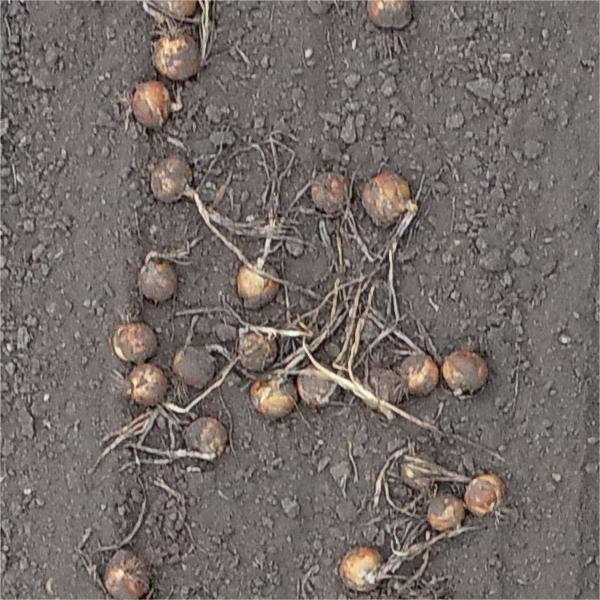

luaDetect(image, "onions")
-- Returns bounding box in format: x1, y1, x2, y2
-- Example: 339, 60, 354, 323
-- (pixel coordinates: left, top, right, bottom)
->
154, 33, 197, 79
465, 474, 502, 512
310, 172, 347, 210
442, 350, 487, 393
101, 552, 145, 594
113, 322, 156, 362
125, 363, 166, 404
425, 493, 464, 530
362, 173, 412, 222
236, 260, 276, 299
177, 346, 214, 389
129, 81, 172, 125
399, 353, 438, 393
237, 328, 275, 369
139, 256, 177, 299
250, 373, 293, 416
150, 0, 199, 14
144, 152, 192, 200
368, 0, 410, 29
298, 370, 331, 406
338, 546, 381, 586
186, 416, 225, 456
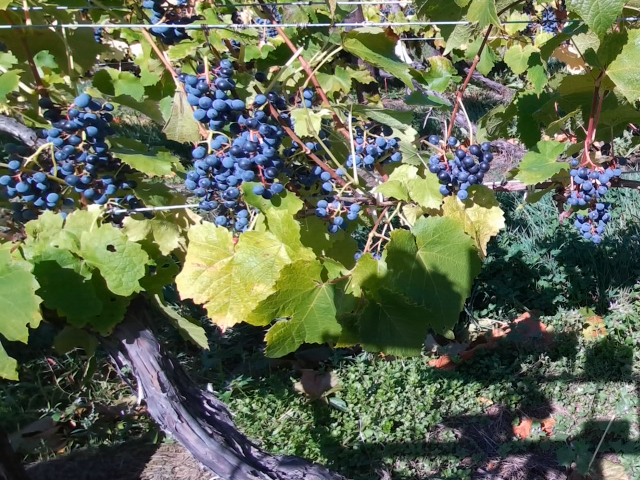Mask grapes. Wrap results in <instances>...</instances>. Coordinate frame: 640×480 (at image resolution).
Wrapping results in <instances>:
<instances>
[{
    "instance_id": "obj_1",
    "label": "grapes",
    "mask_w": 640,
    "mask_h": 480,
    "mask_svg": "<svg viewBox=\"0 0 640 480\" xmlns=\"http://www.w3.org/2000/svg\"><path fill=\"white\" fill-rule=\"evenodd\" d=\"M233 62L223 58L219 62L217 78L211 81V86L205 77H198L192 72H182L178 75L186 87L189 97L187 104L199 107L192 113V118L202 124L208 123L210 130H220L228 123V132L239 135L233 139L232 146L218 158L215 152L207 155L208 149L197 146L191 151L195 170L186 173L185 186L194 190L196 197H202L198 202L201 210H213L219 206L217 199H209L212 191L223 200L225 208H231L237 219L233 223L231 218L219 215L215 220L217 227L230 226L240 230L249 224V210L236 205V198L242 193L240 185L243 181L255 179V165L261 166L263 182L270 184L285 169V163L277 158V152L282 145L279 138L285 136V131L274 124L266 123V113L262 110L253 112V116L237 114L243 111L245 103L240 98H228V93L236 86L233 74Z\"/></svg>"
},
{
    "instance_id": "obj_2",
    "label": "grapes",
    "mask_w": 640,
    "mask_h": 480,
    "mask_svg": "<svg viewBox=\"0 0 640 480\" xmlns=\"http://www.w3.org/2000/svg\"><path fill=\"white\" fill-rule=\"evenodd\" d=\"M46 121L52 120V127L46 129L39 127L36 135L45 139L54 146H60L63 138L62 132L72 134L61 148L54 152V160L58 165L52 166L49 174L53 175L57 169L64 177V183L72 186L76 193H82L87 199H91L97 205H105L121 188L134 190L137 182L127 179L124 173H119L115 178L111 175L100 173L113 172L116 169L114 155L109 150V144L105 137L110 133L112 112L114 106L106 103L103 106L97 100H91L88 93H80L72 100V106L68 110V118L60 115L61 109L52 106L49 97H42L38 101ZM80 133L87 137V143L91 146V152L79 151L76 147L81 143Z\"/></svg>"
},
{
    "instance_id": "obj_3",
    "label": "grapes",
    "mask_w": 640,
    "mask_h": 480,
    "mask_svg": "<svg viewBox=\"0 0 640 480\" xmlns=\"http://www.w3.org/2000/svg\"><path fill=\"white\" fill-rule=\"evenodd\" d=\"M489 142H484L481 147L473 144L469 148L472 156H466L463 148L454 151V160H449L447 164L440 163L439 155H432L428 160V168L432 174L457 187V197L461 201L468 199V189L474 185H481L485 179V173L490 169V162L494 159Z\"/></svg>"
},
{
    "instance_id": "obj_4",
    "label": "grapes",
    "mask_w": 640,
    "mask_h": 480,
    "mask_svg": "<svg viewBox=\"0 0 640 480\" xmlns=\"http://www.w3.org/2000/svg\"><path fill=\"white\" fill-rule=\"evenodd\" d=\"M0 185L5 198L22 195L26 202L33 201L35 208L42 207L44 211L55 207L63 199L60 184L52 178H47L44 172H34L32 175L24 173L20 181L4 174L0 177Z\"/></svg>"
},
{
    "instance_id": "obj_5",
    "label": "grapes",
    "mask_w": 640,
    "mask_h": 480,
    "mask_svg": "<svg viewBox=\"0 0 640 480\" xmlns=\"http://www.w3.org/2000/svg\"><path fill=\"white\" fill-rule=\"evenodd\" d=\"M355 130L357 132L355 137L357 146L354 149L355 159L352 154L347 156V161L345 162L347 168H352L355 163L357 169L365 167L367 170L372 171L375 162L385 154L386 150H397L399 148L400 139L398 137L384 139L383 137L369 135L365 138L368 144L363 145L364 131L370 130L372 134L380 135L382 133L384 136H392L394 131L389 125L382 127L380 124H376L373 127V124L368 122L362 127L357 125Z\"/></svg>"
},
{
    "instance_id": "obj_6",
    "label": "grapes",
    "mask_w": 640,
    "mask_h": 480,
    "mask_svg": "<svg viewBox=\"0 0 640 480\" xmlns=\"http://www.w3.org/2000/svg\"><path fill=\"white\" fill-rule=\"evenodd\" d=\"M570 175L576 187L567 196L570 205L585 206L593 196L601 197L608 192V183L613 177H619L621 170L618 167H609L603 171L591 170L589 167L572 168Z\"/></svg>"
},
{
    "instance_id": "obj_7",
    "label": "grapes",
    "mask_w": 640,
    "mask_h": 480,
    "mask_svg": "<svg viewBox=\"0 0 640 480\" xmlns=\"http://www.w3.org/2000/svg\"><path fill=\"white\" fill-rule=\"evenodd\" d=\"M596 210L589 213V218L594 220L595 232L591 231L592 224L589 221H585L583 215H578L573 221V227L580 229V235L585 239H590L595 246H598L603 242V231L606 226V222H609L612 218V214L608 211L612 208V204L609 201L596 202L594 204Z\"/></svg>"
},
{
    "instance_id": "obj_8",
    "label": "grapes",
    "mask_w": 640,
    "mask_h": 480,
    "mask_svg": "<svg viewBox=\"0 0 640 480\" xmlns=\"http://www.w3.org/2000/svg\"><path fill=\"white\" fill-rule=\"evenodd\" d=\"M267 101L270 102L277 111H281L279 115L281 116L282 120H287L288 125L292 128V130H294V123L296 122V119L290 117L288 113H285L283 111L287 108V96L285 94L279 95L276 90H271L266 95L260 94L254 97V104L256 106L265 104Z\"/></svg>"
},
{
    "instance_id": "obj_9",
    "label": "grapes",
    "mask_w": 640,
    "mask_h": 480,
    "mask_svg": "<svg viewBox=\"0 0 640 480\" xmlns=\"http://www.w3.org/2000/svg\"><path fill=\"white\" fill-rule=\"evenodd\" d=\"M318 179L321 181L320 188L323 192H333L334 186L329 181L331 174L323 170L319 165H315L311 172L302 173L297 177V181L305 187H311Z\"/></svg>"
},
{
    "instance_id": "obj_10",
    "label": "grapes",
    "mask_w": 640,
    "mask_h": 480,
    "mask_svg": "<svg viewBox=\"0 0 640 480\" xmlns=\"http://www.w3.org/2000/svg\"><path fill=\"white\" fill-rule=\"evenodd\" d=\"M150 33L161 37L167 46H172L174 43H182L187 38L185 28L150 29Z\"/></svg>"
},
{
    "instance_id": "obj_11",
    "label": "grapes",
    "mask_w": 640,
    "mask_h": 480,
    "mask_svg": "<svg viewBox=\"0 0 640 480\" xmlns=\"http://www.w3.org/2000/svg\"><path fill=\"white\" fill-rule=\"evenodd\" d=\"M166 2L167 0H143V7L146 10L152 9L153 16L149 19L150 24H159L162 21V17L165 15V10L161 5Z\"/></svg>"
},
{
    "instance_id": "obj_12",
    "label": "grapes",
    "mask_w": 640,
    "mask_h": 480,
    "mask_svg": "<svg viewBox=\"0 0 640 480\" xmlns=\"http://www.w3.org/2000/svg\"><path fill=\"white\" fill-rule=\"evenodd\" d=\"M285 185L283 183H272L270 188H265L263 185H255L253 187V194L260 196L264 200H270L275 194H282L284 192Z\"/></svg>"
},
{
    "instance_id": "obj_13",
    "label": "grapes",
    "mask_w": 640,
    "mask_h": 480,
    "mask_svg": "<svg viewBox=\"0 0 640 480\" xmlns=\"http://www.w3.org/2000/svg\"><path fill=\"white\" fill-rule=\"evenodd\" d=\"M348 210L347 219L349 221H356L358 219V212L361 210V206L358 203L342 202L341 200H333L331 207L334 210H338L340 207Z\"/></svg>"
},
{
    "instance_id": "obj_14",
    "label": "grapes",
    "mask_w": 640,
    "mask_h": 480,
    "mask_svg": "<svg viewBox=\"0 0 640 480\" xmlns=\"http://www.w3.org/2000/svg\"><path fill=\"white\" fill-rule=\"evenodd\" d=\"M201 18L199 13L192 14L190 16H183L175 14L174 12H169L167 14V18L165 19L166 23H187L191 24L192 22L198 21Z\"/></svg>"
},
{
    "instance_id": "obj_15",
    "label": "grapes",
    "mask_w": 640,
    "mask_h": 480,
    "mask_svg": "<svg viewBox=\"0 0 640 480\" xmlns=\"http://www.w3.org/2000/svg\"><path fill=\"white\" fill-rule=\"evenodd\" d=\"M347 227H348V223L345 221V219L341 216H336L332 220V224H329L327 226V231L329 233L336 234L338 230H345Z\"/></svg>"
},
{
    "instance_id": "obj_16",
    "label": "grapes",
    "mask_w": 640,
    "mask_h": 480,
    "mask_svg": "<svg viewBox=\"0 0 640 480\" xmlns=\"http://www.w3.org/2000/svg\"><path fill=\"white\" fill-rule=\"evenodd\" d=\"M123 201L129 203L130 207H137L139 205V201L137 200L136 195H127L124 197H115L114 202L116 204H121Z\"/></svg>"
},
{
    "instance_id": "obj_17",
    "label": "grapes",
    "mask_w": 640,
    "mask_h": 480,
    "mask_svg": "<svg viewBox=\"0 0 640 480\" xmlns=\"http://www.w3.org/2000/svg\"><path fill=\"white\" fill-rule=\"evenodd\" d=\"M303 100L301 101V107L306 108L310 107L313 104L312 99L315 97V94L310 88H306L303 92Z\"/></svg>"
},
{
    "instance_id": "obj_18",
    "label": "grapes",
    "mask_w": 640,
    "mask_h": 480,
    "mask_svg": "<svg viewBox=\"0 0 640 480\" xmlns=\"http://www.w3.org/2000/svg\"><path fill=\"white\" fill-rule=\"evenodd\" d=\"M290 146H291L290 148H285L283 150V155L285 157H291L293 154L297 152V149H299L298 142H295L293 140L290 142Z\"/></svg>"
}]
</instances>
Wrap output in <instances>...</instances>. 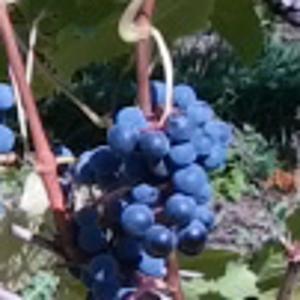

——————————

EXERCISE AIM: Restate word for word every line from the top of the entries above to the line with "-- (pixel coordinates: left, top, right, bottom)", inclusive, and skip any pictures.

TASK SOLUTION:
luaDetect(image, "onions")
-- Returns bounding box in format: x1, y1, x2, y2
-- Example: 339, 60, 354, 323
-- (pixel coordinates: left, top, right, bottom)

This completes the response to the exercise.